2009年4月29日

Agip



何年も住んでるとこういうことも見慣れてしまって新しくもなんともないんですが、、

これは、イタリアどこへ行っても見かけるガソリンスタンド『AGIP』。
6本足の犬のマーク。火をふいて“早く走る”ってことが一目でわかる? !

と思っていたら、実はもっと奥深く、頭を後方に向け火をふいて、急プレーキをかけている様子、だそうな。見ると、前足は地についていて、残りの足はちょっとやや宙に浮き気味。つまり、二輪なんかで急ブレーキをかけると後輪がちょっと浮くって感じになるでしょう、アレではないでしょうか。

良質のガソリンは馬力もあるし、キレもあるってことでしょうか。

2009年4月24日

茶飯事

先週末に戻ったばかりで、心身ともに調整中である。

税金の申告とトレントは市長選の話題で賑わってます。たった一月と少し留守しただけなのに、相変わらずの雑用は待ってくれません。一人増えるだけなのに、家の中は急に乱雑になったとは夫の小言。

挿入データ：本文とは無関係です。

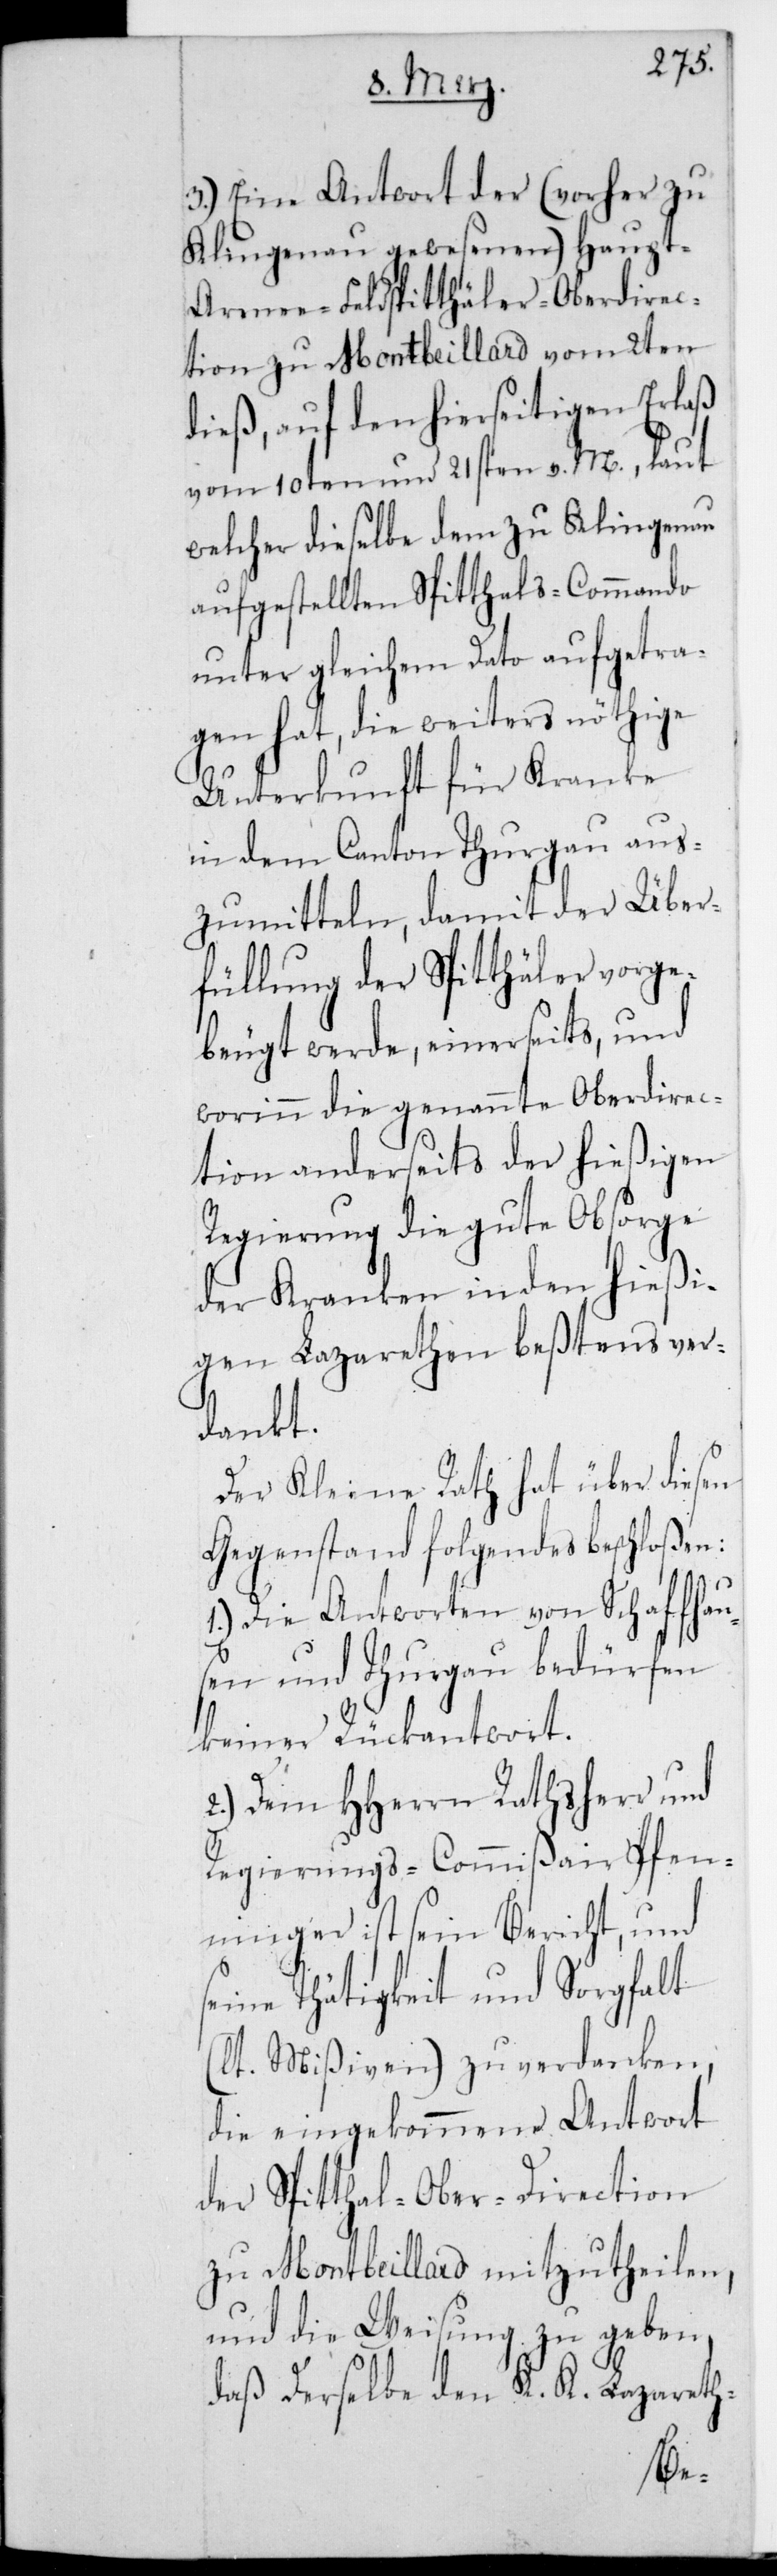
3.) Eine Antwort der (vorher zu
Klingnau gewesenen) Haup¬
t-Armee-Feldspitthäler-Oberdirec¬
tion zu Montbeyllard vom 2ten
dieß, auf den hierseitigen Erlaß
vom 10ten und 21sten v. M., laut
welcher dieselbe dem zu Klingnau
aufgestellten Spitthals-Commando
unter gleichem Dato aufgetra¬
gen hat, die weiters nöthige
Unterkunft für Kranke
in dem Canton Thurgau aus¬
zumitteln, damit der Über¬
füllung der Spitäler vorge¬
beugt werde, einerseits, und
worinn die genannte Oberdirec¬
tion anderseits der hießigen
Regierung die gute Obsorge
der Kranken in den hießi¬
gen Lazarethen bestens ver¬
dankt.
Der Kleine Rath hat über diesen
Gegenstand folgendes beschloßen:
1.) Die Antworten von Schaffhau¬
sen und Thurgau bedürfen
keiner Rückantwort.
2.) Dem HHerrn Rathsherr und
Regierungs-Commißair Pfen¬
ninger ist sein Bericht und
seine Tätigkeit und Sorgfalt
(laut Mißiven) zu verdanken;
die eingekommene Antwort
der Spitthal-Ober-Direction
zu Montbeillard mitzutheilen,
und die Weisung zu geben,
daß derselbe den K. K. Lazareth-

雑用のひとつ、高熱費の支払いのため、最寄りの取引銀行へ。
ひととおりの手続きが終ると、窓口の女性がポツリと
『おたくのダンナとうちのダンナはほとんど同じ名前だわ。』と。え!

ちなみに名前は‘有名人’と同名で、でもイタリアではちょっと珍しい。苗字は2字しか違わないが、両方ともトレンティーノによくある姓だった。だからついでに『どちらの生まれ?』とか聞いてみたわけだが、彼のほうは地元(銀行の所在地、私の現住所)夫のほうは隣村出身で、もともと“目の仇どおし”の間柄??ってことである。

この銀行員は続けて、
『去年税金申告の時ちょっと手間どったでしょう、あれ実はこのほとんど同じ名前のお宅とウチに起きたわけ。ちょっと混乱が生じて、、まぁなんて偶然でしょ。漸く誰かがわかったってことだわ』と妙に感心。
そう言えば、申告日の連絡が遅れていて心配したことがあったっけ、それから当日同じ時間に誰かと一緒になって、他には!?
『申告額の入力間違いがない事を祈ってますよ』とつい心配になって言ってしまった。
『もちろんですよ、ちゃんと確認してますから』と慌てて『だって、税務コードも違うし大丈夫ですよ、ウチのは把握してますから』
と付け足し。でも、、

やはりちょっと怪しいと疑ってしまうのは、長年のイタリア生活の為に染付いた“まず疑う”悪い癖、フレンドリーに裏話をついしてしまう銀行員は愛嬌、なんだけど。

それから、久々に行った銀行内のBGMの音がやたら大きく『ディスコに来たみたいですね』と文句を言う自分と、それに答える『ええ、ちょっと近頃音大きいかな、と思ってるんですけどね』と行員とのやりとりに、少しづつ帰国した事を実感。

2009年4月21日

帰伊報告

親しい皆さま、日本滞在中はいろいろお世話になり有難うございました。

無事トレントへ。こちらは気温は朝で10度くらい、雨模様でやや肌寒く感じます。

日本がちょうど桜満開で至る所の景色がピンク色のパステルカラーだったのに、こちらに戻ると辺り一面‘ミドリ’色、芽吹きが眩しい!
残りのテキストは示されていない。